### Exercise goal
Write out the records again, exactly, leaving none out.

-- The data follows --

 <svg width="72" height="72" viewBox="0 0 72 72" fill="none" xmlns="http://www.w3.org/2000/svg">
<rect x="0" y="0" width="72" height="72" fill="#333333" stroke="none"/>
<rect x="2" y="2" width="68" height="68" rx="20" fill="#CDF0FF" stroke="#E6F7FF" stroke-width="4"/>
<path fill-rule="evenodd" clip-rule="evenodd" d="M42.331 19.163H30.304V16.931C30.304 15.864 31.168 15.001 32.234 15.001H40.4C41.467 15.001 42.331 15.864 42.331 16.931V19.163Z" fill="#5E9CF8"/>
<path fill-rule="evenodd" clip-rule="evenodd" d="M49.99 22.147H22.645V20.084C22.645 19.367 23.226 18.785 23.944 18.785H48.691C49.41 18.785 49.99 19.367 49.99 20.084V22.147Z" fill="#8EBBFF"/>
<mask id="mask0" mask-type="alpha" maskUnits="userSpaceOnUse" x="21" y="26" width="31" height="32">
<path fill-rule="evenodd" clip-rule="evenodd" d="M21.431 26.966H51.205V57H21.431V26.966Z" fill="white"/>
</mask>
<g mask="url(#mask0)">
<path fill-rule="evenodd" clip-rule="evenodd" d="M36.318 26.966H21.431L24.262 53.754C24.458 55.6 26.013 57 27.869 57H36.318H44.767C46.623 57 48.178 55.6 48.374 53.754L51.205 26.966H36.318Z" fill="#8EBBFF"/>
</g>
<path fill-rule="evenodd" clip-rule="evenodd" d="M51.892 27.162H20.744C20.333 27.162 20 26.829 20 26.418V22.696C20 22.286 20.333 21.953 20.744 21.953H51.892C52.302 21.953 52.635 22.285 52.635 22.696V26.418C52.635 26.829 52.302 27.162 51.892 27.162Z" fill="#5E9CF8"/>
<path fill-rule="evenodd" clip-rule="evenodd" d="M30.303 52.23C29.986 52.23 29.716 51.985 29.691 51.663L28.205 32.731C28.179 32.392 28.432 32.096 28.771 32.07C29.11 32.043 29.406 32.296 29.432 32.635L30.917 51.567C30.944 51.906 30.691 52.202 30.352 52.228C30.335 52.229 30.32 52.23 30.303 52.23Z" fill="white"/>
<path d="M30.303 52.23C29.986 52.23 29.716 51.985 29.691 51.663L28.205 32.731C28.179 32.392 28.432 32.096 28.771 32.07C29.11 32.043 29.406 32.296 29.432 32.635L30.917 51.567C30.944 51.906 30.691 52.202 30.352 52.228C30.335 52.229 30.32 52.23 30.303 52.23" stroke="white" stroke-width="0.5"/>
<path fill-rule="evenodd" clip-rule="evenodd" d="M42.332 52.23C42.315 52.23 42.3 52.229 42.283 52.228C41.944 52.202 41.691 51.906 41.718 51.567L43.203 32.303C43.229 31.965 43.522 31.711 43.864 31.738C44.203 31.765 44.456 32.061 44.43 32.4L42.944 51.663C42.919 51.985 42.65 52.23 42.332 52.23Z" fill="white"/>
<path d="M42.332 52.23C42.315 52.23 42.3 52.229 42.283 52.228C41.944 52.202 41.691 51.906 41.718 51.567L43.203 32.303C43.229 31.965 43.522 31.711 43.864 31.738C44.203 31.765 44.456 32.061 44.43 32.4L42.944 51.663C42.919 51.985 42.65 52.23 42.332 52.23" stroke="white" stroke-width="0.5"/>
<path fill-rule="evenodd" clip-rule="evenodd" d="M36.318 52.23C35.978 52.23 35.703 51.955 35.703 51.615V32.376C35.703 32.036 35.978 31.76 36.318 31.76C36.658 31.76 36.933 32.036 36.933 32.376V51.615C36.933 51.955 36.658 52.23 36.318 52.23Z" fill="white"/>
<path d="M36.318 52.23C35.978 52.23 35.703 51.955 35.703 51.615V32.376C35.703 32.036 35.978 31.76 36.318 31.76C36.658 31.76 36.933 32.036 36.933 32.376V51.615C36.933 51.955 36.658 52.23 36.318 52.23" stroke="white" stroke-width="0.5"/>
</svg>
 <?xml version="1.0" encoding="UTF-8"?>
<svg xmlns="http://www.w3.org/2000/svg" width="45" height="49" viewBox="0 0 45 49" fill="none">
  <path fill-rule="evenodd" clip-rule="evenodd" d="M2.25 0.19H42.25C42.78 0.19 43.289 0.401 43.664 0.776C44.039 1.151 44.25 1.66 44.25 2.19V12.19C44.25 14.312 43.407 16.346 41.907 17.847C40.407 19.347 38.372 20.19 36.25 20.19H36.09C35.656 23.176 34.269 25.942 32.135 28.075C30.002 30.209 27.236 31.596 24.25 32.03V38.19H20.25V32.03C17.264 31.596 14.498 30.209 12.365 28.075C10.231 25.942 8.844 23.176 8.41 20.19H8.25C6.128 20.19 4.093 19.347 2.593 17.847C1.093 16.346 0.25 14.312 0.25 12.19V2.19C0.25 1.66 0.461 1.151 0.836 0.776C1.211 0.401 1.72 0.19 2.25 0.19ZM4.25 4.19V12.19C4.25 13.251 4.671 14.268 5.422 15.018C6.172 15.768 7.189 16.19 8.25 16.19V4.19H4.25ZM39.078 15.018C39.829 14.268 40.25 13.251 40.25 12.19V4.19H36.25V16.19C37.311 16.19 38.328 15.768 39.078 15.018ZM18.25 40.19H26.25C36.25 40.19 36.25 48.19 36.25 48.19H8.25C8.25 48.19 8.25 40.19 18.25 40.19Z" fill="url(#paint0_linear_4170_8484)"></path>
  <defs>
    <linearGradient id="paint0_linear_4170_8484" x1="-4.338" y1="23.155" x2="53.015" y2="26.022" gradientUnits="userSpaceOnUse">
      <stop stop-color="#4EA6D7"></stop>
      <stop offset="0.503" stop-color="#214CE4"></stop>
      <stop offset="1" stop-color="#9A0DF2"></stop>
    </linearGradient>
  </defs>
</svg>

-- The data concluded --

### Result below
 <svg width="72" height="72" viewBox="0 0 72 72" fill="none" xmlns="http://www.w3.org/2000/svg">
<rect x="0" y="0" width="72" height="72" fill="#333333" stroke="none"/>
<rect x="2" y="2" width="68" height="68" rx="20" fill="#CDF0FF" stroke="#E6F7FF" stroke-width="4"/>
<path fill-rule="evenodd" clip-rule="evenodd" d="M42.331 19.163H30.304V16.931C30.304 15.864 31.168 15.001 32.234 15.001H40.4C41.467 15.001 42.331 15.864 42.331 16.931V19.163Z" fill="#5E9CF8"/>
<path fill-rule="evenodd" clip-rule="evenodd" d="M49.99 22.147H22.645V20.084C22.645 19.367 23.226 18.785 23.944 18.785H48.691C49.41 18.785 49.99 19.367 49.99 20.084V22.147Z" fill="#8EBBFF"/>
<mask id="mask0" mask-type="alpha" maskUnits="userSpaceOnUse" x="21" y="26" width="31" height="32">
<path fill-rule="evenodd" clip-rule="evenodd" d="M21.431 26.966H51.205V57H21.431V26.966Z" fill="white"/>
</mask>
<g mask="url(#mask0)">
<path fill-rule="evenodd" clip-rule="evenodd" d="M36.318 26.966H21.431L24.262 53.754C24.458 55.6 26.013 57 27.869 57H36.318H44.767C46.623 57 48.178 55.6 48.374 53.754L51.205 26.966H36.318Z" fill="#8EBBFF"/>
</g>
<path fill-rule="evenodd" clip-rule="evenodd" d="M51.892 27.162H20.744C20.333 27.162 20 26.829 20 26.418V22.696C20 22.286 20.333 21.953 20.744 21.953H51.892C52.302 21.953 52.635 22.285 52.635 22.696V26.418C52.635 26.829 52.302 27.162 51.892 27.162Z" fill="#5E9CF8"/>
<path fill-rule="evenodd" clip-rule="evenodd" d="M30.303 52.23C29.986 52.23 29.716 51.985 29.691 51.663L28.205 32.731C28.179 32.392 28.432 32.096 28.771 32.07C29.11 32.043 29.406 32.296 29.432 32.635L30.917 51.567C30.944 51.906 30.691 52.202 30.352 52.228C30.335 52.229 30.32 52.23 30.303 52.23Z" fill="white"/>
<path d="M30.303 52.23C29.986 52.23 29.716 51.985 29.691 51.663L28.205 32.731C28.179 32.392 28.432 32.096 28.771 32.07C29.11 32.043 29.406 32.296 29.432 32.635L30.917 51.567C30.944 51.906 30.691 52.202 30.352 52.228C30.335 52.229 30.32 52.23 30.303 52.23" stroke="white" stroke-width="0.5"/>
<path fill-rule="evenodd" clip-rule="evenodd" d="M42.332 52.23C42.315 52.23 42.3 52.229 42.283 52.228C41.944 52.202 41.691 51.906 41.718 51.567L43.203 32.303C43.229 31.965 43.522 31.711 43.864 31.738C44.203 31.765 44.456 32.061 44.43 32.4L42.944 51.663C42.919 51.985 42.65 52.23 42.332 52.23Z" fill="white"/>
<path d="M42.332 52.23C42.315 52.23 42.3 52.229 42.283 52.228C41.944 52.202 41.691 51.906 41.718 51.567L43.203 32.303C43.229 31.965 43.522 31.711 43.864 31.738C44.203 31.765 44.456 32.061 44.43 32.4L42.944 51.663C42.919 51.985 42.65 52.23 42.332 52.23" stroke="white" stroke-width="0.5"/>
<path fill-rule="evenodd" clip-rule="evenodd" d="M36.318 52.23C35.978 52.23 35.703 51.955 35.703 51.615V32.376C35.703 32.036 35.978 31.76 36.318 31.76C36.658 31.76 36.933 32.036 36.933 32.376V51.615C36.933 51.955 36.658 52.23 36.318 52.23Z" fill="white"/>
<path d="M36.318 52.23C35.978 52.23 35.703 51.955 35.703 51.615V32.376C35.703 32.036 35.978 31.76 36.318 31.76C36.658 31.76 36.933 32.036 36.933 32.376V51.615C36.933 51.955 36.658 52.23 36.318 52.23" stroke="white" stroke-width="0.5"/>
</svg>
 <?xml version="1.0" encoding="UTF-8"?>
<svg xmlns="http://www.w3.org/2000/svg" width="45" height="49" viewBox="0 0 45 49" fill="none">
  <path fill-rule="evenodd" clip-rule="evenodd" d="M2.25 0.19H42.25C42.78 0.19 43.289 0.401 43.664 0.776C44.039 1.151 44.25 1.66 44.25 2.19V12.19C44.25 14.312 43.407 16.346 41.907 17.847C40.407 19.347 38.372 20.19 36.25 20.19H36.09C35.656 23.176 34.269 25.942 32.135 28.075C30.002 30.209 27.236 31.596 24.25 32.03V38.19H20.25V32.03C17.264 31.596 14.498 30.209 12.365 28.075C10.231 25.942 8.844 23.176 8.41 20.19H8.25C6.128 20.19 4.093 19.347 2.593 17.847C1.093 16.346 0.25 14.312 0.25 12.19V2.19C0.25 1.66 0.461 1.151 0.836 0.776C1.211 0.401 1.72 0.19 2.25 0.19ZM4.25 4.19V12.19C4.25 13.251 4.671 14.268 5.422 15.018C6.172 15.768 7.189 16.19 8.25 16.19V4.19H4.25ZM39.078 15.018C39.829 14.268 40.25 13.251 40.25 12.19V4.19H36.25V16.19C37.311 16.19 38.328 15.768 39.078 15.018ZM18.25 40.19H26.25C36.25 40.19 36.25 48.19 36.25 48.19H8.25C8.25 48.19 8.25 40.19 18.25 40.19Z" fill="url(#paint0_linear_4170_8484)"></path>
  <defs>
    <linearGradient id="paint0_linear_4170_8484" x1="-4.338" y1="23.155" x2="53.015" y2="26.022" gradientUnits="userSpaceOnUse">
      <stop stop-color="#4EA6D7"></stop>
      <stop offset="0.503" stop-color="#214CE4"></stop>
      <stop offset="1" stop-color="#9A0DF2"></stop>
    </linearGradient>
  </defs>
</svg>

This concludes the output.